Work required
In the material below, find the line that contains "Visual grounding endpoint." and the line that contains "58,239,280,359", then write out exactly those two lines and everything between them.

---------- Extracted data

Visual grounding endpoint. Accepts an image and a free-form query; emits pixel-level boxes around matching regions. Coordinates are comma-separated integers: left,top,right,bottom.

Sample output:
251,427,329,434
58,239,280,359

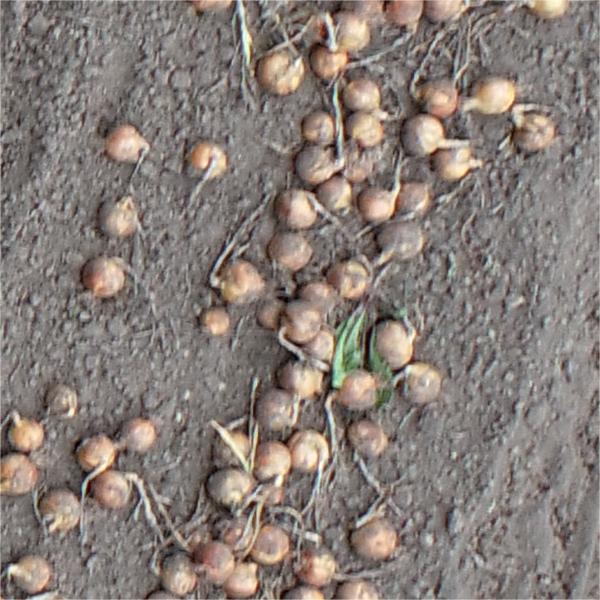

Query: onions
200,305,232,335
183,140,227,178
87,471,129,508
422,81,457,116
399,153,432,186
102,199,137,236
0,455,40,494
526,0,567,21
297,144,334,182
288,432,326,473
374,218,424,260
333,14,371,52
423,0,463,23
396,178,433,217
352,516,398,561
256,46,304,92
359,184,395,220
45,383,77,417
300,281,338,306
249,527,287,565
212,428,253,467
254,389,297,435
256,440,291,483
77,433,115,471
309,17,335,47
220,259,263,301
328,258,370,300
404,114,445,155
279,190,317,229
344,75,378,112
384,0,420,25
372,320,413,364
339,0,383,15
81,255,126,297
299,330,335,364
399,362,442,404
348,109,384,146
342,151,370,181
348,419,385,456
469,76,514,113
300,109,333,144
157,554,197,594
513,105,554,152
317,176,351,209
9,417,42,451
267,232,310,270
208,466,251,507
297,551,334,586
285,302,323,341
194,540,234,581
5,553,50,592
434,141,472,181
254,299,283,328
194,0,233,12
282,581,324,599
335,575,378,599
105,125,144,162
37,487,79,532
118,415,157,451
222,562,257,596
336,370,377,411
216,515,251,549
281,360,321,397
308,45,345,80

--------------------
---------- Extracted data

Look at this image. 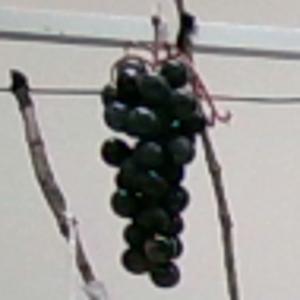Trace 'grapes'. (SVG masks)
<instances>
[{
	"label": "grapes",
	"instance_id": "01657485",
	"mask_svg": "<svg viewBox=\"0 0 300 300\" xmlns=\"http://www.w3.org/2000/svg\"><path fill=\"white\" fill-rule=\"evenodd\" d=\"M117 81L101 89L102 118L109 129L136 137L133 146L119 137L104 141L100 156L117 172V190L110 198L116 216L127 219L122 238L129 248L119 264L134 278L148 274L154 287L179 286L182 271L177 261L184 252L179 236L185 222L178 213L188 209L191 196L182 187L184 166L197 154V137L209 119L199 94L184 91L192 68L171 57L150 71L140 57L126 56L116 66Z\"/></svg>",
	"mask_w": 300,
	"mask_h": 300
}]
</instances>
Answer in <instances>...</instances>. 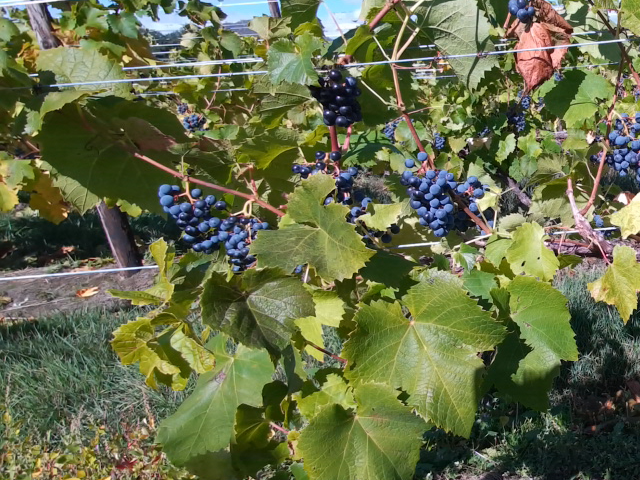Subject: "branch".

--------------------
---------- Extracted data

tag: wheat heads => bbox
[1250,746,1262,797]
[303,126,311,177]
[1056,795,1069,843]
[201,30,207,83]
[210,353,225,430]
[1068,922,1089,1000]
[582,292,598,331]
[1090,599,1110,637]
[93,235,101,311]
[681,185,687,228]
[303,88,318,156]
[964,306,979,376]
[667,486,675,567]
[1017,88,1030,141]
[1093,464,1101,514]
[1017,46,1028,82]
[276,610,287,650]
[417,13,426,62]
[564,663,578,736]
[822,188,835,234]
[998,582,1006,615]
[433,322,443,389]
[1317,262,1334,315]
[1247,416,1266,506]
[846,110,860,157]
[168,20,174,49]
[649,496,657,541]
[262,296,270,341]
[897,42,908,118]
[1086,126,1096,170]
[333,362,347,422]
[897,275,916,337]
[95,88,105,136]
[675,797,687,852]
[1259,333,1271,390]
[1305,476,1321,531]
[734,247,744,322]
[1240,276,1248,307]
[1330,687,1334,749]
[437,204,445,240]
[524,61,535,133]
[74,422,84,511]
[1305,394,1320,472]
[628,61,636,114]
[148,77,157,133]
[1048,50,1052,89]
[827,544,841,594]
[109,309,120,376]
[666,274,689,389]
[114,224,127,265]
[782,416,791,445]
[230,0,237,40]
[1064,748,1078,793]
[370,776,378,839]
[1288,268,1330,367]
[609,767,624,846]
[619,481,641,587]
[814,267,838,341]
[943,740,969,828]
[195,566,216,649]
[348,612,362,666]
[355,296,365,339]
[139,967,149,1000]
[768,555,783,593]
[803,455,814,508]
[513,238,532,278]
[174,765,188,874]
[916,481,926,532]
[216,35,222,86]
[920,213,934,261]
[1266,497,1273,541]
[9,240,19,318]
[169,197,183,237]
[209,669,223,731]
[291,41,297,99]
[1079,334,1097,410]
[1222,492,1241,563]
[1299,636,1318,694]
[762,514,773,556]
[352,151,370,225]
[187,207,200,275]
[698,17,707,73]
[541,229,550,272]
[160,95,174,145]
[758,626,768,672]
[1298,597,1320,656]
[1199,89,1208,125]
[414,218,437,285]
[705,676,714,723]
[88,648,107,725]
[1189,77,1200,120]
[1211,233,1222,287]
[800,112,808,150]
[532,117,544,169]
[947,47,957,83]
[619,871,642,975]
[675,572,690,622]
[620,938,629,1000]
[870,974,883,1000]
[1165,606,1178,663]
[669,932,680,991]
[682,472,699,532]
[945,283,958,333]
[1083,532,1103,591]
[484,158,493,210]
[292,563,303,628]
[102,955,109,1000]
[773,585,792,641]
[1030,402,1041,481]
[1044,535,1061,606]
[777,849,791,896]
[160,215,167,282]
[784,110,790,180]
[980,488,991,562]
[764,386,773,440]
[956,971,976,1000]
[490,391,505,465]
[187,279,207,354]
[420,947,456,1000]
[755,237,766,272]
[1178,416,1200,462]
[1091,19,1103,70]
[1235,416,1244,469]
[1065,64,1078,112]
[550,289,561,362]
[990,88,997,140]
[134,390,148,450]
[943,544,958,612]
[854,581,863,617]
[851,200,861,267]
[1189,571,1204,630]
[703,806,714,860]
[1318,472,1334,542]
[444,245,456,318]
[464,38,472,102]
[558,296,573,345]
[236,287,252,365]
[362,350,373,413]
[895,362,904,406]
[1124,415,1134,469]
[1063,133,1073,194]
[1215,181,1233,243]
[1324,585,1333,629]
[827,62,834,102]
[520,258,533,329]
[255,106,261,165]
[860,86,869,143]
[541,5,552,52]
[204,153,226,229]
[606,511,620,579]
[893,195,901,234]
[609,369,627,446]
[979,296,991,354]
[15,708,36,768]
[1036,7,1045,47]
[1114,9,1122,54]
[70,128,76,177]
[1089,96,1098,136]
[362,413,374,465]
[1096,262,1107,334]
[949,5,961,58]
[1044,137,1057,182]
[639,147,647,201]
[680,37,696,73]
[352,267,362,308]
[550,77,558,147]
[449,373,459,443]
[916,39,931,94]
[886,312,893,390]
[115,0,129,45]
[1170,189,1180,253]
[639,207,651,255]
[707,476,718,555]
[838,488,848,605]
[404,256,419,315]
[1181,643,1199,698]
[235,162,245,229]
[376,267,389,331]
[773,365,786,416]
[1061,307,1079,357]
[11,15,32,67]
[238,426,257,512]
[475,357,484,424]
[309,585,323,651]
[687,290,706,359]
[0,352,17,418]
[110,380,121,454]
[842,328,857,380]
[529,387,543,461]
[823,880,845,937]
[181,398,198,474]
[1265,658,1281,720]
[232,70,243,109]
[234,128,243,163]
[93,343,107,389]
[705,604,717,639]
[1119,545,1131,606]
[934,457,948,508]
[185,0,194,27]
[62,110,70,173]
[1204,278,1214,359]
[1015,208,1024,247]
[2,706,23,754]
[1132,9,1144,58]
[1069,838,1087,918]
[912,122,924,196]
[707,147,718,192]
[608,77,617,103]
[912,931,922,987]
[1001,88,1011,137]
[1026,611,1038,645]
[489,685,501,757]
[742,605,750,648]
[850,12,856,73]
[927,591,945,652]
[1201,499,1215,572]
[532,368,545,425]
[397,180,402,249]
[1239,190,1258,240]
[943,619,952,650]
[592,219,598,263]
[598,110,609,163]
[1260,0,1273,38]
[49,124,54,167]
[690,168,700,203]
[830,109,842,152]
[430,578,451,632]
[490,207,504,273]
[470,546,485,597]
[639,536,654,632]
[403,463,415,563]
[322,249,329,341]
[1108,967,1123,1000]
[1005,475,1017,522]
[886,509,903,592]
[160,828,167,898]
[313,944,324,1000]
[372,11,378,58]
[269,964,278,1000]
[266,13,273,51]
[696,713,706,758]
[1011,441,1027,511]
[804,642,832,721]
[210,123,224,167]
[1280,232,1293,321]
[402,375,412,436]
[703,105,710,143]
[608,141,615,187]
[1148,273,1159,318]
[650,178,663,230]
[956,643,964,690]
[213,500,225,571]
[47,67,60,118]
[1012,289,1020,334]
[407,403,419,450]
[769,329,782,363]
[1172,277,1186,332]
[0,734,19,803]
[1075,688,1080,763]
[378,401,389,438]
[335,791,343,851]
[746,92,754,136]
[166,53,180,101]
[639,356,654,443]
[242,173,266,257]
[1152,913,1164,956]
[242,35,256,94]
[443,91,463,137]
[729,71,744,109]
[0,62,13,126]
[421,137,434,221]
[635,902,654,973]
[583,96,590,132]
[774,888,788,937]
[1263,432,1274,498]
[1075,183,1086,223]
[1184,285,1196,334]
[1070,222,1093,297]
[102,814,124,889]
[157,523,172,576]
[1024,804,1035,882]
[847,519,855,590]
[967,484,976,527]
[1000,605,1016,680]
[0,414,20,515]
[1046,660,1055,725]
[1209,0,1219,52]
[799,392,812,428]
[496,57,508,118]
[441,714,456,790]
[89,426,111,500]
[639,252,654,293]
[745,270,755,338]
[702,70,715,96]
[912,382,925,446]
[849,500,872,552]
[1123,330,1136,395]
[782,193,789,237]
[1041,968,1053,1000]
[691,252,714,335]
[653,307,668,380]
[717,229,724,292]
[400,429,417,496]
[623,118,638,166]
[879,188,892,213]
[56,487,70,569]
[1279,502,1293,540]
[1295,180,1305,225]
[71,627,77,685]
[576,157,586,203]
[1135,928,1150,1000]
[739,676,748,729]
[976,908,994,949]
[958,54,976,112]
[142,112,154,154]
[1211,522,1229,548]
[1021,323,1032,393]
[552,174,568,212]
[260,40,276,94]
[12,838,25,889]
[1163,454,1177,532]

--------------------

Written solution
Visual grounding endpoint. Accepts an image and a free-form query; emits pixel-level boxes around matching regions. Coordinates are comma-separated integers: left,top,right,bottom.

Sample output:
251,427,329,434
58,239,280,359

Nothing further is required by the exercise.